Maybe I'm missing something - but to me, the only reason you would shoot tethered is because you want to see the images on the computer monitor as you take them.  If you're going to be sitting in front of the computer anyway, why bother using your phone as a remote?

Just give me one example of a time when you would have to shoot tethered and also not be near the camera/computer.  Seriously- When would you use it?  I can only think of one or two very limited situations where this would actually make things easier.


----------



## WhineAndDine (May 21, 2009)

lol thats funny you posted that.  take a look at the second tutorial.  notice who made it.   


of course there are other options, but the thing thats selling me on this iphone app is the ability to view live view on the iphone.  i dunno, call me a geek, call me a technojunkie but that is just ultra ultra cool to me :thumbup:






gryphonslair99 said:


> I find this to be a far cooler app, and no laptop needed.
> 
> Camera Hacker: Forums: TI-89 program to do a time lapse photography on Canon SLR
> 
> ...


----------



## Montana (May 21, 2009)

I see no point at all to why this would be a valid way of shooting.  The only "cool" part is that it can be done and someone figured out how to do it.  Not worth the effort in my opinion.


----------



## Garbz (May 22, 2009)

Well lets face it. about 70% of the apps in the AppStore serve no useful purpose. But man this would get the girls.


----------



## table1349 (May 24, 2009)

filmphoto said:


> I love the idea of this app - and it would be kind of cool impressing the clients by wandering around the studio with my iphone taking pictures - but actually for me I can't find a use for it.
> 
> I'll probably get it anyway just so occasionally I can pull off the cool factor.  You sit at the back of the studio with the camera just sitting on the tripod going "Left a bit, bring the arm down, just smile" CLICK!

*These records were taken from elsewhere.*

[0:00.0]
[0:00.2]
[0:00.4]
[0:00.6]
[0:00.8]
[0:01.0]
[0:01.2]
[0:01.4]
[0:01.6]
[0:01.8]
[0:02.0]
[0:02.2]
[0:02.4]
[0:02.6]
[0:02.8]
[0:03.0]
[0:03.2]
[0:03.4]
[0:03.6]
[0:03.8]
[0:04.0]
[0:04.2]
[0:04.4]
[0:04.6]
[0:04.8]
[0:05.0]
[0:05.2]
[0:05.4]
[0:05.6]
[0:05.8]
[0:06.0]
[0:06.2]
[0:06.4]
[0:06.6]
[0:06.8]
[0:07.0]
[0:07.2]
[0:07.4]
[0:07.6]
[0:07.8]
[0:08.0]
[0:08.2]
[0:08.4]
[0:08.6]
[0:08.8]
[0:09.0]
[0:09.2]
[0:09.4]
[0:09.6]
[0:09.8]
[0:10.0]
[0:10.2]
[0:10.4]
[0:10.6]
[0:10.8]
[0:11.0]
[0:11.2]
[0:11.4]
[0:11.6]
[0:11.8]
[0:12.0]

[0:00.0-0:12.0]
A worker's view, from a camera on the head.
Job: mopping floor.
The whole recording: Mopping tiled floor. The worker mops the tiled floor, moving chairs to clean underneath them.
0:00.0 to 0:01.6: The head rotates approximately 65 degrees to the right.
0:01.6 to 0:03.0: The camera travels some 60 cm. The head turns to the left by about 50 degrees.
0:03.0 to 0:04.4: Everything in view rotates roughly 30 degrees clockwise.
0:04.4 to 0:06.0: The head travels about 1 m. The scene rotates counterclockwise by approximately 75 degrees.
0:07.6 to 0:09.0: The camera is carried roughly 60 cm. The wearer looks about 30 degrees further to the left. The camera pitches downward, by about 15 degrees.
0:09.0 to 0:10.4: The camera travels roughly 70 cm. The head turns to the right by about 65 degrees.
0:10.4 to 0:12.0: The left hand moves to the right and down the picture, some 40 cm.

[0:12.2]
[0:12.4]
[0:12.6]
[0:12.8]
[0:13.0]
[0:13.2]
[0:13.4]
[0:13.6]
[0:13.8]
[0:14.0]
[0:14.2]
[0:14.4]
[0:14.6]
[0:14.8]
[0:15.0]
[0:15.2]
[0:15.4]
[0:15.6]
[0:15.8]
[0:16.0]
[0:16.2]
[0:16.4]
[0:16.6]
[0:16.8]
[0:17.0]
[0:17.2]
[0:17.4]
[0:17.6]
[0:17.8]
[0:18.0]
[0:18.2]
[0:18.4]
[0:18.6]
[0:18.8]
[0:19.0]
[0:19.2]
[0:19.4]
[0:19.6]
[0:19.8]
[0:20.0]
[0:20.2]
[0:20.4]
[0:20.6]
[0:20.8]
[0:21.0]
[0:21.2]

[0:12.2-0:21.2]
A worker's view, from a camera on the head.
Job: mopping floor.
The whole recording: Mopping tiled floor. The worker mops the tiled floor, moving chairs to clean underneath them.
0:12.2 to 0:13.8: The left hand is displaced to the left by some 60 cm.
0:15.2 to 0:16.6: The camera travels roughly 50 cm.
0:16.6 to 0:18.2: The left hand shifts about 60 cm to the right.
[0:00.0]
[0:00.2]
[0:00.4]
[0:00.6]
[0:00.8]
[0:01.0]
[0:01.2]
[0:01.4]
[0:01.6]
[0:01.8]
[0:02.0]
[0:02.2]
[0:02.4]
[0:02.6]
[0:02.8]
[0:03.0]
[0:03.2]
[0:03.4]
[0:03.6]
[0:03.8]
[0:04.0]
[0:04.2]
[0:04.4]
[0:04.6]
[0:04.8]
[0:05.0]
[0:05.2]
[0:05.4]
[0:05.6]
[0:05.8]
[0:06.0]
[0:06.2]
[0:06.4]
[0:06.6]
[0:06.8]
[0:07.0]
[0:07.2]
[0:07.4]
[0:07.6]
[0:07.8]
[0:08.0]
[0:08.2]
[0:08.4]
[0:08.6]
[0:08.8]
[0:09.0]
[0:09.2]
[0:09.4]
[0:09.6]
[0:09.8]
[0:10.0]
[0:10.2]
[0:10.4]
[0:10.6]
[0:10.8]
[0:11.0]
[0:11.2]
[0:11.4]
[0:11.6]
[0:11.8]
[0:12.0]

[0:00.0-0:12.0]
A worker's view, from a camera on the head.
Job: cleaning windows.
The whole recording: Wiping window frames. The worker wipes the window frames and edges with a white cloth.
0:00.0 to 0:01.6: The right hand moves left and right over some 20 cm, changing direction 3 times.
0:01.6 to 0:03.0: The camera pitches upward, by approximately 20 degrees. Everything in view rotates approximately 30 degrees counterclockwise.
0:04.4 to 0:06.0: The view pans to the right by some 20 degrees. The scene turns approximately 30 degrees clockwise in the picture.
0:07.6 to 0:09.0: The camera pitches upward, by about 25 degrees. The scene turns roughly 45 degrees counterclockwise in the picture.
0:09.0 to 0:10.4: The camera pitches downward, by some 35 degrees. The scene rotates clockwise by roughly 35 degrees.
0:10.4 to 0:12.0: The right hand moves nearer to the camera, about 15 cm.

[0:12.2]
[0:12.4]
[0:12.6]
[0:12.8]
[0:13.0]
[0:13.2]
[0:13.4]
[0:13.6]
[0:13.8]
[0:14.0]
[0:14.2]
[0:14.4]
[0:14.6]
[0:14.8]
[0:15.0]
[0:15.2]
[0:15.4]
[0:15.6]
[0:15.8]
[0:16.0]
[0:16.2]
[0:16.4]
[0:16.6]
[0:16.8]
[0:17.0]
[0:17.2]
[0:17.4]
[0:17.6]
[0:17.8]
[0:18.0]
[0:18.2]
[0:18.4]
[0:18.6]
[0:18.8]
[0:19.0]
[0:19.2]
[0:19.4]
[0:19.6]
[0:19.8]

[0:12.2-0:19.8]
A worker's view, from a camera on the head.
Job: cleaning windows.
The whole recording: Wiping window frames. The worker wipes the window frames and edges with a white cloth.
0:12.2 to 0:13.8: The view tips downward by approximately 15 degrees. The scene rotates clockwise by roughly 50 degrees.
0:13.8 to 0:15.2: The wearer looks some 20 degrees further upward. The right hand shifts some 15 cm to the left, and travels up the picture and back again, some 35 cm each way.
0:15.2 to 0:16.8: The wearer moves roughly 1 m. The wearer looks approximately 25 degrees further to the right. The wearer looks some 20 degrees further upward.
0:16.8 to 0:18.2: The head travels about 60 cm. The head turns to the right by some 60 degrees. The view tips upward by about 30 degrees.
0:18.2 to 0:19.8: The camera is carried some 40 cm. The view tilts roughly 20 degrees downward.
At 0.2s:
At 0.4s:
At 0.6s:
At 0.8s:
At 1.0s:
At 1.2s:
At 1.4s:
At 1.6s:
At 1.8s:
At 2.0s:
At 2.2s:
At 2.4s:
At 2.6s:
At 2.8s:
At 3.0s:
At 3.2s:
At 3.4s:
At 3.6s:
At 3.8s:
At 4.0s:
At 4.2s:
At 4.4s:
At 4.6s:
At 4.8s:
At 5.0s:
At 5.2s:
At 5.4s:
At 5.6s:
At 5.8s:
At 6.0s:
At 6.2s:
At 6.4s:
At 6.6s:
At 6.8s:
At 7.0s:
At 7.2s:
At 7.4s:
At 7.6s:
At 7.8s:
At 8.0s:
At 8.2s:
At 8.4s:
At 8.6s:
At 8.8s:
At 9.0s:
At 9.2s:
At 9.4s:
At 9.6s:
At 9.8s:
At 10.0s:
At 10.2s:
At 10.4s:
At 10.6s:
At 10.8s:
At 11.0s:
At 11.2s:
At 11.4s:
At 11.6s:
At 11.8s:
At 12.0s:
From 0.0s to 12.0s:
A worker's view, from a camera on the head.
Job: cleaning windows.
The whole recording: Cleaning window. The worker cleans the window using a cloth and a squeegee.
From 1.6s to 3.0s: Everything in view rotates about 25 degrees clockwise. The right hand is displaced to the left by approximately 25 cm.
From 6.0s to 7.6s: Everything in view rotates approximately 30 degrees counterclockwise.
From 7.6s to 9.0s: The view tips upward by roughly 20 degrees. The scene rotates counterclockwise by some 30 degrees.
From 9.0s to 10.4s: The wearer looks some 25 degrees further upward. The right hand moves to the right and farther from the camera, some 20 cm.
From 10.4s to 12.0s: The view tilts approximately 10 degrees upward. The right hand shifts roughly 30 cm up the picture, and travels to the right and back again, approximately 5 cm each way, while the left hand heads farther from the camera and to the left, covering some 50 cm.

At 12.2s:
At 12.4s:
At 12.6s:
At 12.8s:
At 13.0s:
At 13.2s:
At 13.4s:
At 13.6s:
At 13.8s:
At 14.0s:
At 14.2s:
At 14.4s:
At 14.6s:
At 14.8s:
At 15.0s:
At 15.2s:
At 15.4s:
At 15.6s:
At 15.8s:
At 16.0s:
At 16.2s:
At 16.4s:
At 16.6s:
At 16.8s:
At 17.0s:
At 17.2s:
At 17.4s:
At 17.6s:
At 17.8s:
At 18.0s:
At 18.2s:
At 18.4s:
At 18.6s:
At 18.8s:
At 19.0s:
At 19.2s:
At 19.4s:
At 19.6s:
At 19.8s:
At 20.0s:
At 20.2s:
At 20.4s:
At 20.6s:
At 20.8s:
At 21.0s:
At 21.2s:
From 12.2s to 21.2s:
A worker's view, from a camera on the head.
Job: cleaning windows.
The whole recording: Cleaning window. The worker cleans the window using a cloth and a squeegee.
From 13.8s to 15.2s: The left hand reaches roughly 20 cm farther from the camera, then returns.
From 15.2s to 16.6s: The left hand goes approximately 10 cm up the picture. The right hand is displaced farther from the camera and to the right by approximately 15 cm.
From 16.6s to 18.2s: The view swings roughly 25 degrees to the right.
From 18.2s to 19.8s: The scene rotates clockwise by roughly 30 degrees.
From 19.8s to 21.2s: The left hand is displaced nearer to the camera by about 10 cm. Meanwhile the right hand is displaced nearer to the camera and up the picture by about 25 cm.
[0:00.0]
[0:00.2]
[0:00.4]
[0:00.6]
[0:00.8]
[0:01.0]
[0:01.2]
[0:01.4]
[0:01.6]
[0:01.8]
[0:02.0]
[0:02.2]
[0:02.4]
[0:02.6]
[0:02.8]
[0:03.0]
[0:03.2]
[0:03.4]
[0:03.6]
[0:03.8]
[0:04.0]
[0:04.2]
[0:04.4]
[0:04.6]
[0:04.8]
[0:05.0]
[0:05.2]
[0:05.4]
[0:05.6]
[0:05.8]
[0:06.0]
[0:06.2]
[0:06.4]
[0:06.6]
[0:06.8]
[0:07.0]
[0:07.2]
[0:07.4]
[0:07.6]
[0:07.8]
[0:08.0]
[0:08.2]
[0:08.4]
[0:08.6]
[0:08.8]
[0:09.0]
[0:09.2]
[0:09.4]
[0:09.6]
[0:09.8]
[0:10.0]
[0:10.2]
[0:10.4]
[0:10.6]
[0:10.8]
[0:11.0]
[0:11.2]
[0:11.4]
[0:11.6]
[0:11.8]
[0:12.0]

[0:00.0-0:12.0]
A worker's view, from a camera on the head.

Gee I have the same thing now.  It's called a Wireless remote.


----------



## burstintoflame81 (Mar 6, 2010)

I was just checking out this app when I was looking at genuine fractals on OnOnes website. You do not need a wireless connection, just a wi-fi laptop to communicate with the Ipod/Iphone. Its an Ad-Hoc network. Also, you can now adjust the settings on the camera as well ( in the $19.99 ) version. I think it would be cool to be able to move about and check the changes to the camera without being forced to stand in front of the camera. This way you could be your own assistant in a studio. Holding reflectors, re-adjusting lighting and not constantly having to run back to the camera. I may get it. Also has a cool time lapse function that would just be fun for parties or events as long as you felt the camera was safe from people tampering with it or it getting knocked over.


----------



## matseski (Mar 8, 2010)

Depending on the specifics of the app, this could have lots of uses.  Lets say you are asked to shoot a sporting event/dance recital, music performance and you have several bodies.  You could set them up where you expect you will have photo opportunities (under basket, goal line, low center stage angle, drummer, etc and hook them up to cheap laptops (you can get laptops to run a program like this for less than $50).  Now you can walk around to get those lucky shots while still having coverage over key areas.  Also, for taking pictures of small children and of yourself.  Other uses could include documenting events over a few hours with images taken when a certain criteria is met (other than standard time intervals).  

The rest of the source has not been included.